El tiempo de los vicarios en la Congregación duró 27 años. En cierto modo se debe a las consecuencias de la Revolución Francesa, aunque, por otra parte, viene dado por parte del temor de los franceses a perder el poder de la Compañía y de la insistencia italiana por mostrar que la Congregación está más fuerte fuera de las fronteras galas.

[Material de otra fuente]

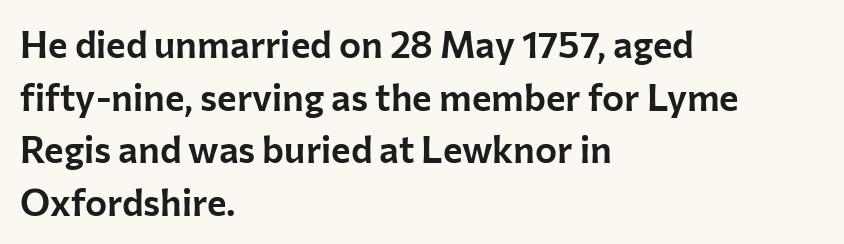
Anything drawn beneath the words? Only blank space. A sans-serif font was chosen for this passage. The type is set solid horizontally, with unmodified tracking. The rag falls on the right side of this text block. Varying glyph widths throughout — classic text-font behaviour.

Se trata de un momento difícil donde no hubo unidad en el seno de la Congregación. La Revolución Francesa se convirtió, finalmente, en una persecución anticlerical: expulsión, suspensión y usurpación de todo aquello que oliese a Iglesia. Y los lazaristas no fueron la excepción.
En el día 13 de julio de 1789 la Casa Madre es asaltada y los misioneros fueron obligados a huir. Fue el comienzo de la revolución y al mismo tiempo de la dispersión de los misioneros franceses. La mentalidad francesa pensaba que la congregación se reducía a Francia, considerando a las demás provincias como anexiones. Sin embargo, esta era una visión de los misioneros franceses, ya que no pensaban lo mismo ni los italianos, ni los polacos, ni los miembros de las jóvenes fundaciones de la península Ibérica (España y Portugal), que decían que la Congregación de la Misión es más que Francia y que también ellos eran hijos legítimos de san Vicente.
A partir de esta concepción, y tras muchos conflictos, se piensa que el gobierno de la Pequeña Compañía no debe depender de Francia. Por tanto, el tiempo de los vicarios se podría resumir en un litigio francoitaliano.
Después de todos estos problemas de gobierno, la Congregación vuelve a tener una cabeza visible en 1827.